Is there such a thing as “good debt” and “bad debt”?
Perhaps. I can see the latter being the domain of most consumer debt. When people charge things up on credit cards, then get the bill and say “umm, I can’t pay this now but I’ll pay it later” – that’s bad debt. Unless there are extenuating circumstances, it’s just not sound judgement to take on such debt. There is blame to be dished out, and it falls squarely on the consumer.
However, some debt is considered good. Or, maybe better put, not as bad. Student loans, if reasonable, can be good debt. If excessive, and for an education consisting of an unemployable major or from an overpriced school, it can be bad debt. This is another topic for another post, which will be a good time to get into that discussion.
In this case, one type of debt that seems to fall into the middle of good and bad is housing debt. Now, most people realize that a mortgage isn’t good debt. That being said, I have heard a few people – including one I had thought was otherwise quite sharp – actually try to argue that it’s okay to take on a bigger mortgage because you get a bigger tax deduction. HELLO! That makes no sense, and I don’t find that to be true!
Okay, so we can rationally agree that mortgage debt isn’t good. But is it bad? This is where some folks – and I think perhaps most – think that it’s just a normal part of life. In other words, it’s just what you do.
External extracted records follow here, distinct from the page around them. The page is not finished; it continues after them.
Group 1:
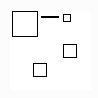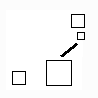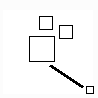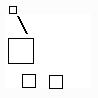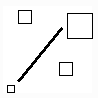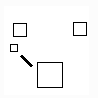
Group 2:
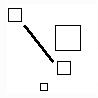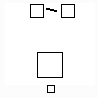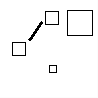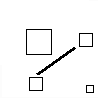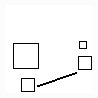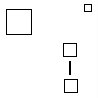
Rule separating the two groups: Line joins large and small square vs. line joins the two middle-sized squares.
Concepts: big, correspondence, large, size, small
Author: "Lewis"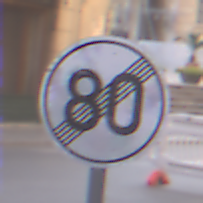
Verkehrszeichen: EndeGeschwindigkeit80
Umgebung: Outdoor, Urban
Tageszeit: SunriseSunset
Wetter: PartlyCloudy
Licht: Natural
Jahreszeit: NotSpecified
Kontrast: LowContrast
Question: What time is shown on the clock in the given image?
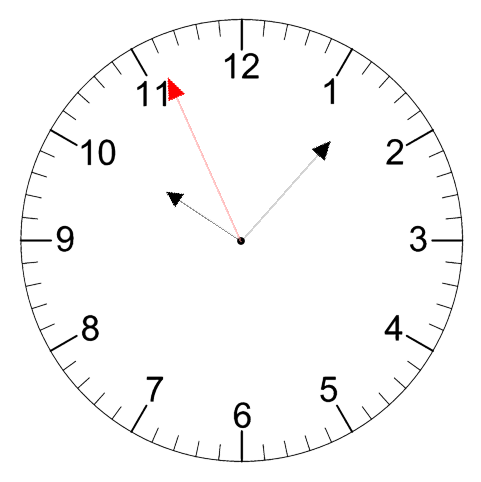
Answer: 10:06:56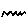
Label: zigzag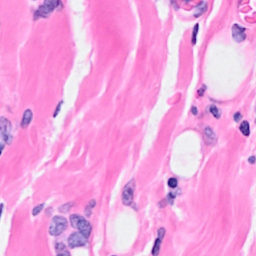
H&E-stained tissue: Breast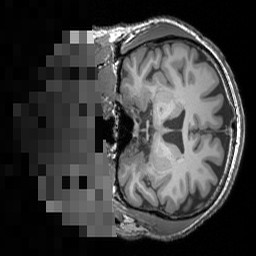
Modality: T1w
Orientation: coronal
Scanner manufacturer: siemens
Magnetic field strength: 3 T
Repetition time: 1.5 s
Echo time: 0.00291 s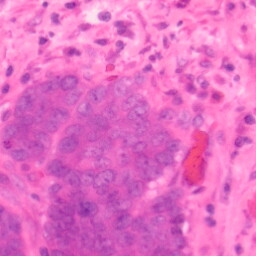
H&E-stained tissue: Colon

You grow up, get married, and get a house. Or maybe you don’t get married but get one, or you buy a condo instead. Or, perhaps you do what another blogger did and choose to live in a low cost of living country. Whatever the case, taking on a mortgage and buying a home seem to go hand in hand, like a couple 🙂 And, almost like a rite of passage for many adults.
Does it have to be that way? Well, maybe it’s just realistic for folks who want to buy to take on a mortgage, the way our society is set up. However, maybe it should be a matter of practice to genuinely viewing housing debt as being at least semi-bad – and that we should eliminate mortgage debt quickly . The way to do this might be to get rid of the mindset that a 30-year mortgage is normal, and aim for a 10 to 15 year payoff period instead.
Think about two things:
1) Wouldn’t it be great to go through your monthly expenses, and know that NOTHING is being spent on a mortgage (or rent)?
2) Remember that there are tons of home-related expenses that you already have to pay anyway. One of which is taxes, which won’t go away – and is an example of why you truly don’t ever really own your home free and clear. (Yes, you can have the mortgage paid but you don’t want to see how fast the home can be taken away if you never pay your taxes. Those don’t go a way when the mortgage is over!)
My Questions for You
When looking at debt on the dimensions of good or bad, how would you characterize mortgage debt?
Do you think most of us are too cavalier in how we consider mortgage debt to be so “normal”?
What are your thoughts on the notion that we don’t truly ever own our homes?